::: Recorded data

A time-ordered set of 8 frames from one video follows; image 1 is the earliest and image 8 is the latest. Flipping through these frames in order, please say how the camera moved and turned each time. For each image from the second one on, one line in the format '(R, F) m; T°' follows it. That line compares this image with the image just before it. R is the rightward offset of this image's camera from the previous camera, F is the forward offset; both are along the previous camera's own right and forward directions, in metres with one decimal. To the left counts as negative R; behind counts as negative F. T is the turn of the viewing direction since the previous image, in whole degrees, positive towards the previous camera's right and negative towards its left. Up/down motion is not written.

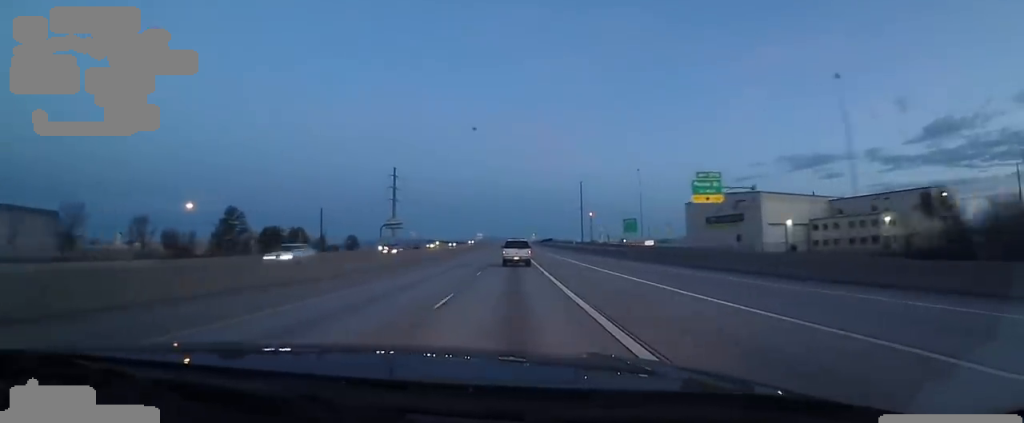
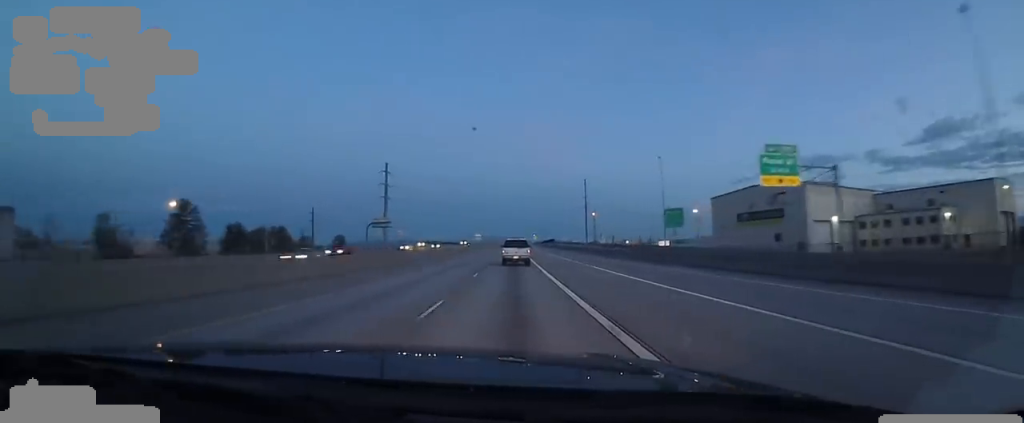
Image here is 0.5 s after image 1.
(+0.2, +14.0) m; +2°
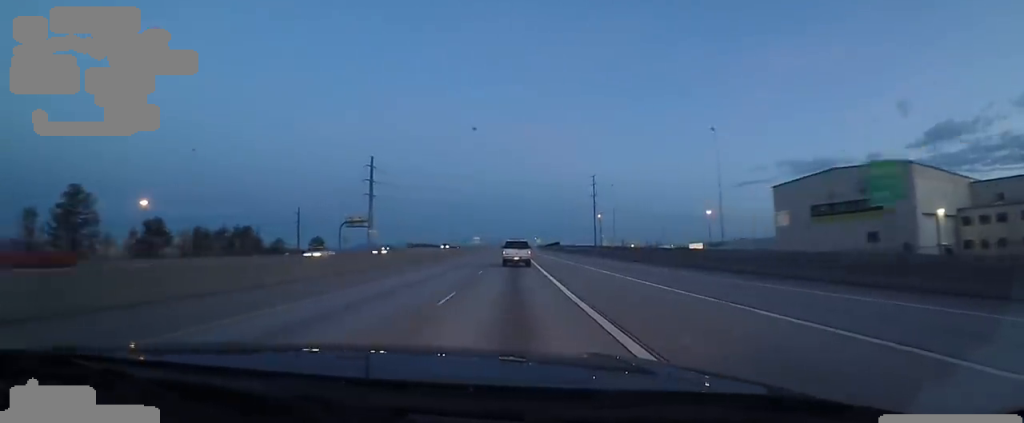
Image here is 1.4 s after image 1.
(+0.3, +21.8) m; +1°
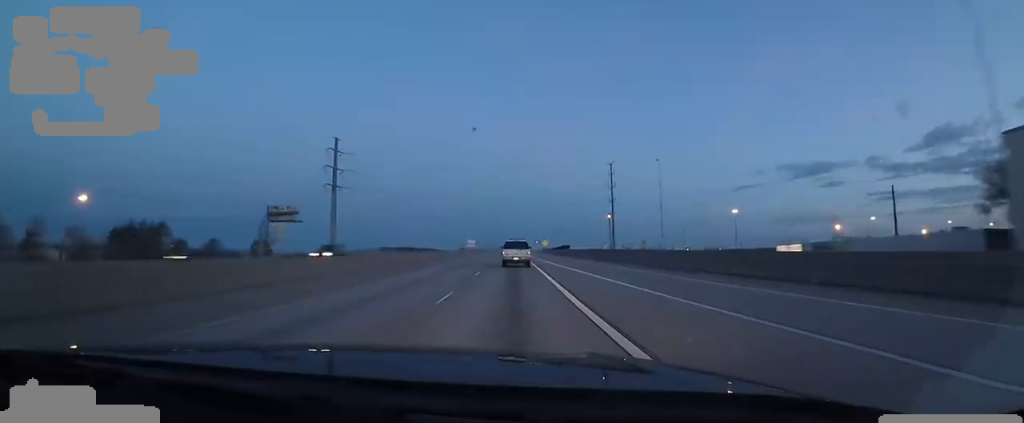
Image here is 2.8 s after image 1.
(-0.4, +36.3) m; -3°
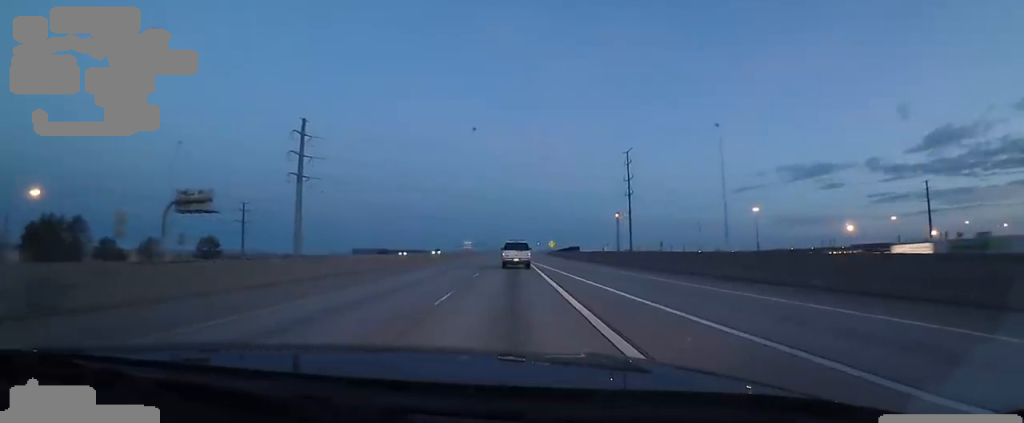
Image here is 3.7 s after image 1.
(-0.6, +23.5) m; -1°
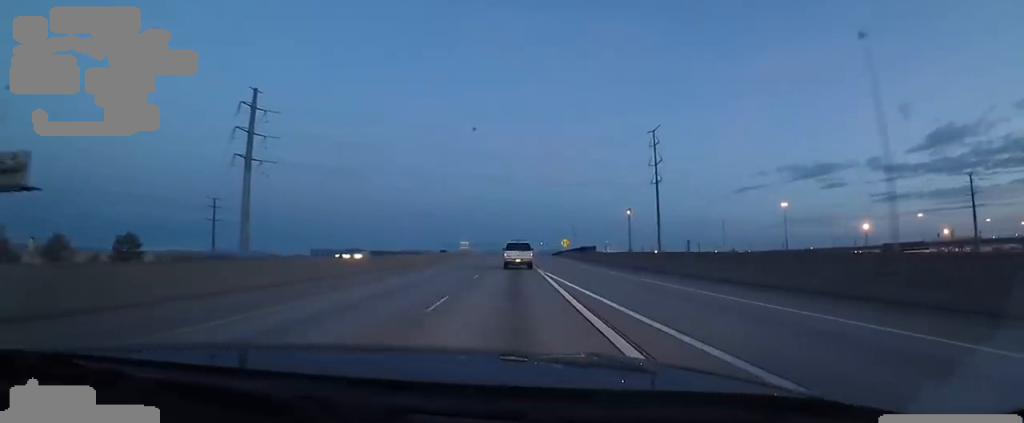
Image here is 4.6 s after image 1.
(+0.1, +25.5) m; +1°
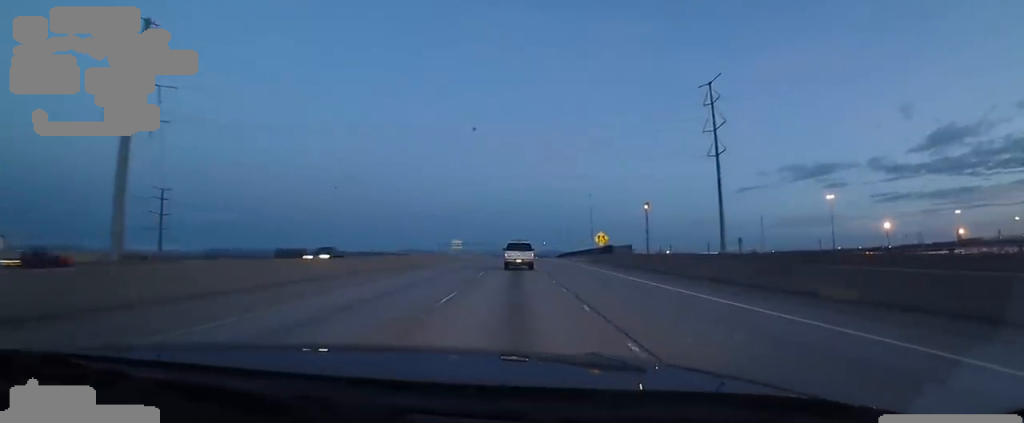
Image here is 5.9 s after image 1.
(+0.6, +33.7) m; 0°
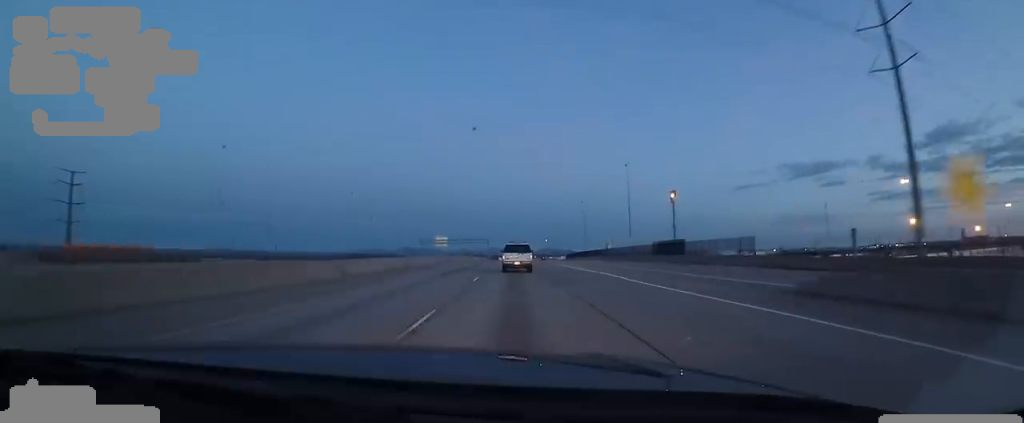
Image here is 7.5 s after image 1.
(-0.7, +40.1) m; 0°
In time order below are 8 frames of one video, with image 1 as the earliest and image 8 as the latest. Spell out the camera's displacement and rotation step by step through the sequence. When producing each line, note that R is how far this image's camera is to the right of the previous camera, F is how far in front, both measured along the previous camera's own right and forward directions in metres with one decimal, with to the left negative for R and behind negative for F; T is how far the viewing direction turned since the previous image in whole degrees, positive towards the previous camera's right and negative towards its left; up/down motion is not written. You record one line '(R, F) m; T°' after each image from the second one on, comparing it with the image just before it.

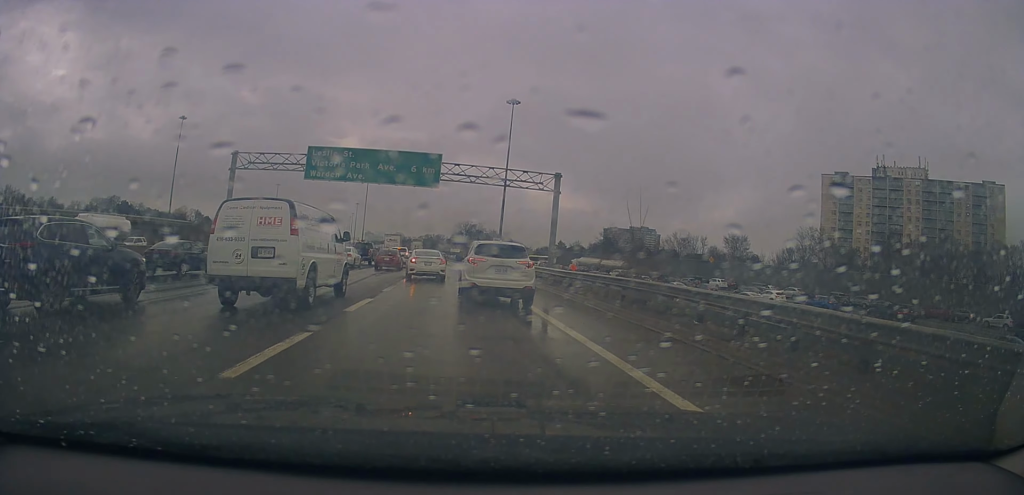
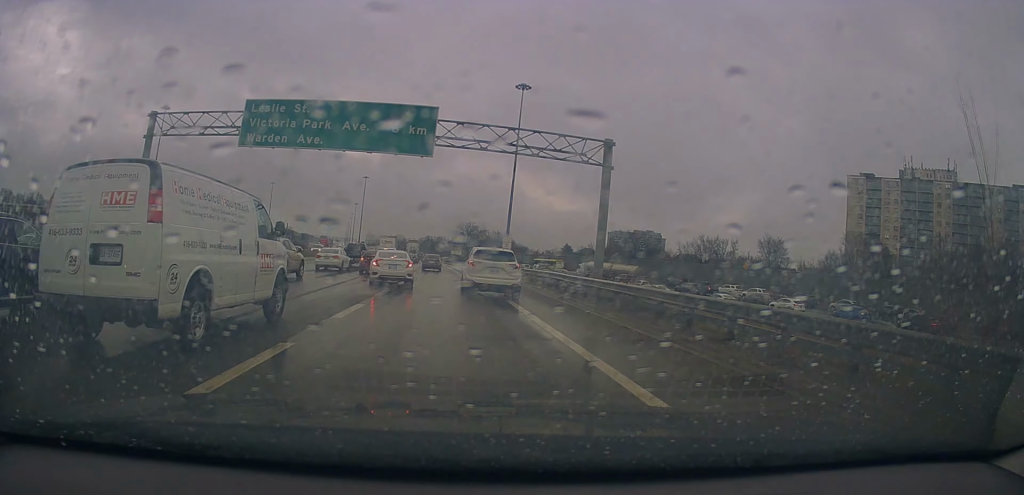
(-0.5, +13.4) m; -1°
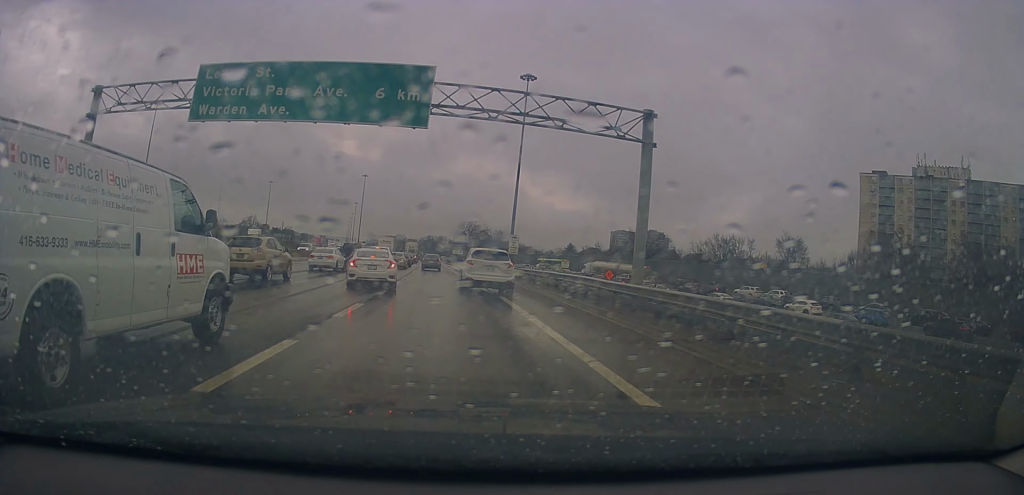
(+0.1, +5.6) m; 0°
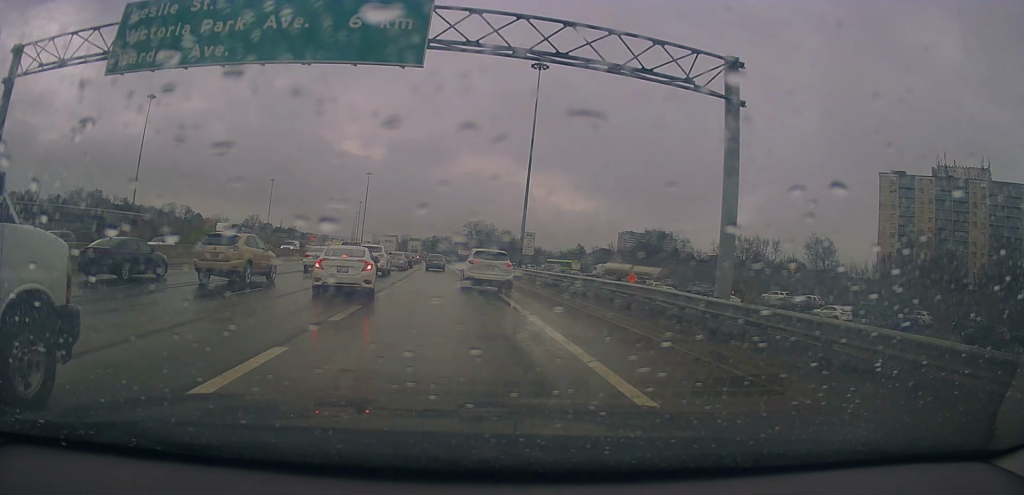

::::::

## Instructions for the task
Please transcribe exactly the lines from the one that contains "Image here is 7.5 s after image 1." through the closing line of the entries, with no pictures.

## Task output
Image here is 7.5 s after image 1.
(-0.7, +40.1) m; 0°
In time order below are 8 frames of one video, with image 1 as the earliest and image 8 as the latest. Spell out the camera's displacement and rotation step by step through the sequence. When producing each line, note that R is how far this image's camera is to the right of the previous camera, F is how far in front, both measured along the previous camera's own right and forward directions in metres with one decimal, with to the left negative for R and behind negative for F; T is how far the viewing direction turned since the previous image in whole degrees, positive towards the previous camera's right and negative towards its left; up/down motion is not written. You record one line '(R, F) m; T°' after each image from the second one on, comparing it with the image just before it.

(-0.5, +13.4) m; -1°
(+0.1, +5.6) m; 0°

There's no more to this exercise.